They remember a time when they could take their families out on the boat, go swimming or fishing. But that time is no more.
Lake Waldon Village residents, living on Gulick Lake, are saddened that the water has near dried up, and they want something done about it.
“It’s gone. There’s no more lake. We used to ice skate out here. Go out on the boat. No longer,” Chuck Hamann said, who has lived in the subdivision for eight years.
Of the 18-acre lake, which used to have water levels six to eight feet deep, approximately a half an acre of water is left.
This isn’t a new problem, though. The lake has been receding since at least the year 2000. And it’s been that long since Lake Waldon Village residents have been wanting to know just why this is happening.
“Everyone’s been out here,” Hamann said, noting Department of Environmental Quality, DNR, Independence Township consulting firm Hubbell, Roth and Clark, township attorneys and more.
They thought they had found a cure in 2001, with a new pump station diverting storm water runoff from Clarkston High School retention ponds through a gravity drain and into Gulick. The $312,000 pump station helped stop flooding on Almond Lane, but only temporarily helped lake levels.
Water levels did rise. Boats did come back. And residents began to enjoy their lake again. Then, their hopes began to sink.
The lake is the worst it has ever been, Hamann said.
“It’s just a shame because it was a real wildlife area,” eight-year resident Brenda Vanderheyden said. “We had deer. Kids would come down and swim and fish. You could go out on your paddle boat, or rowboat. You could skate in the winter. We had a park in our subdivision and now its gone. Now its nothing. It’s a big swamp of muck.”
That quicksand-like muck is a safety concern as well for residents living on the lake with children.
“It was a beautiful lake and now it’s just dangerous,” Mark Benson said, of the lake’s leftover quicksand-like muck. Benson has lived there for seven years and has two children.
Awhile back, Benson recalled, an autistic child living in the area was lost. Everyone’s biggest fear was that the child wandered out and sank in the muck, he said. The child was safe, but the danger still exists.
Residents have theories on why the lake has dried, everything from new construction to dry weather. But Hamann thinks the biggest culprit is a watershed on Gulick Drive that no longer diverts water into the lake like it once did.

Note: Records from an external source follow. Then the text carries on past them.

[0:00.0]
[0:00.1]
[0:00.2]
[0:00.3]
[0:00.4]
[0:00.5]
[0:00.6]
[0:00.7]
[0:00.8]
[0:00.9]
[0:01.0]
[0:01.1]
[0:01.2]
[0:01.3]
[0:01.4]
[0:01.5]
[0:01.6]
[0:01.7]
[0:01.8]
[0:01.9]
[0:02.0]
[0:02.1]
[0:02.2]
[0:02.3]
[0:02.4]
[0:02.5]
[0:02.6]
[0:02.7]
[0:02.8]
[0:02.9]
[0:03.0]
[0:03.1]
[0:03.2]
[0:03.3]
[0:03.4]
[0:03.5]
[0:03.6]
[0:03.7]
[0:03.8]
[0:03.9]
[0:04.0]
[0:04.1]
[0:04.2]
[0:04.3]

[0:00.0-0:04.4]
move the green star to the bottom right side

Vanderheyden said, “It’s kind of strange because we’ve been trying to address the problem and no one seems to know. We don’t know what’s causing the problem, and nobody really seems to care about it. Except us.”

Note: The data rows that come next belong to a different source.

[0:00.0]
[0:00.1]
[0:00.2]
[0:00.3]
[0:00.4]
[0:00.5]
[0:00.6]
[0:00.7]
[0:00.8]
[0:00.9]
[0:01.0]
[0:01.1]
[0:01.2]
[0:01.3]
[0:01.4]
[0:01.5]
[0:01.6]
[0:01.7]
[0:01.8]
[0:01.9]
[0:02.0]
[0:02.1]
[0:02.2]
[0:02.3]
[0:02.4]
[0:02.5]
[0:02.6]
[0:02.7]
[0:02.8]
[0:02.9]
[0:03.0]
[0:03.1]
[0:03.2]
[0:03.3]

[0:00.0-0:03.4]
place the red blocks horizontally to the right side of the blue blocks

Independence Township Trustee Dave Wagner went to see for himself the state of Gulick Lake. “I didn’t know it was this bad. This is unbelievable. It’s hard to say what’s causing this. This has been here forever. Is it from the new construction around here? Has water been blocked from another area? I mean, it’s definitely not normal. And even though we’ve had a dry year, we’ve had plenty of rain in the last month. You would think this thing would be filled right back up again.”
Wagner suggested residents attend an upcoming board meeting to voice concerns during the public forum.

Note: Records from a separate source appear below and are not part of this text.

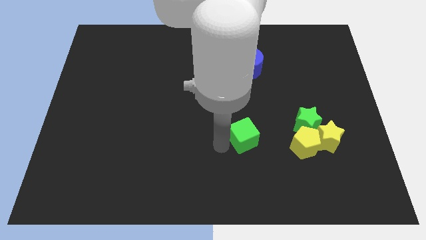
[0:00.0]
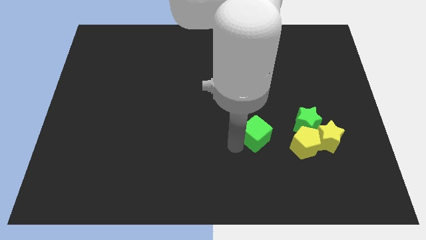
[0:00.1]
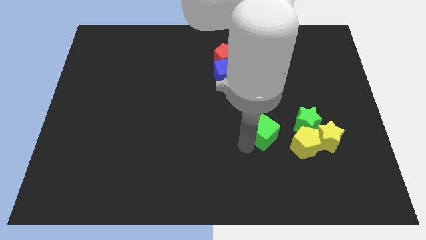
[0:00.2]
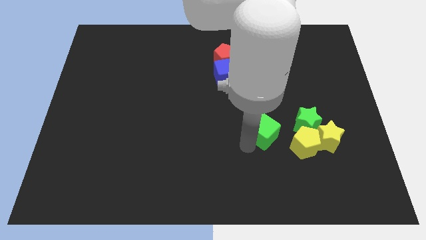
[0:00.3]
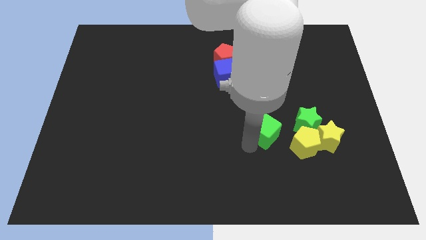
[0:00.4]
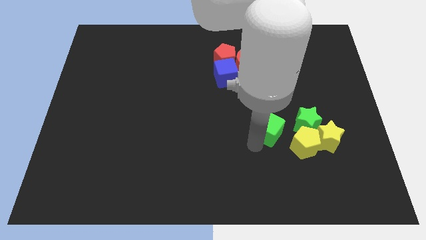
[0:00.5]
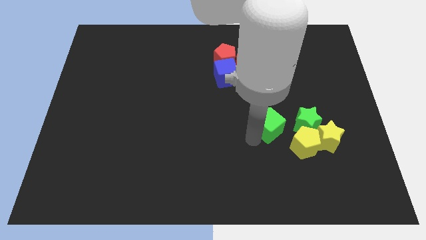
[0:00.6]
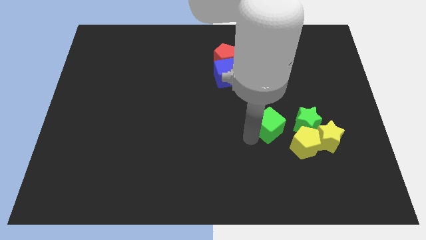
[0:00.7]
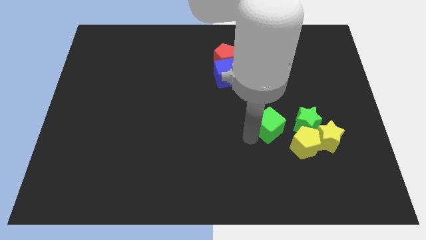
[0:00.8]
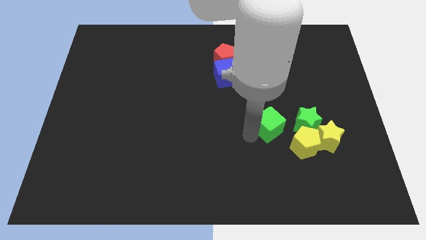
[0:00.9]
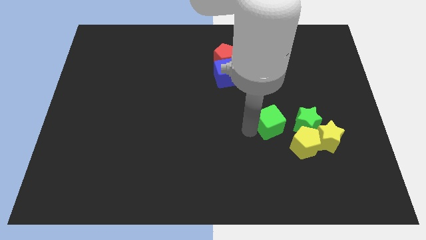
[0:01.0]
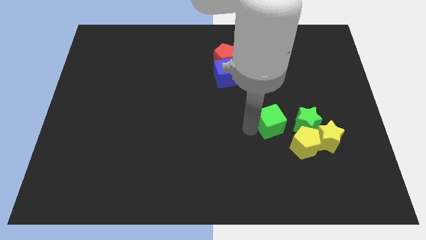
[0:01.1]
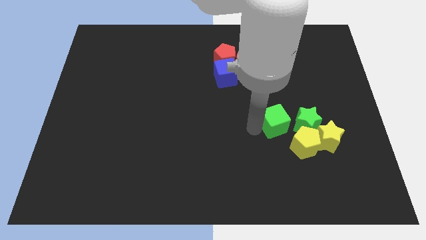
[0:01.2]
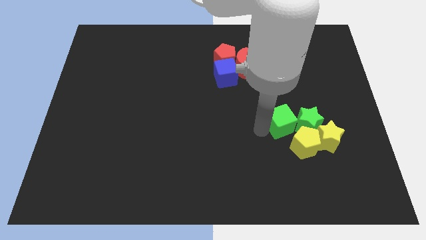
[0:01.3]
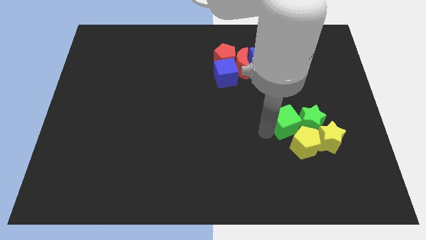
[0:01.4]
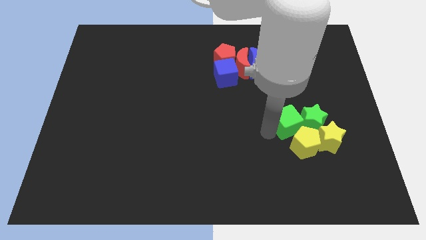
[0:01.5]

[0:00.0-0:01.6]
push the green cube to the left of the green star

“Obviously we’ll have to have Hubbell, Roth and Clark look into it and see what the problem is. It has to come before us in order to make that kind of decision. There has to be some cause. This is not a natural thing. There definitely needs to be some help out here.”
Consultant Tom Biehl of Hubbell, Roth and Clark said the firm would be more than willing to look into the problem, once given the word from the township.
“No, hydro-geologic study has been done that I know of,” he said. It will first need to be determined what type of lake Gulick is –ground water fed or surface water fed. If surface water, the dry season could be the main culprit, he said.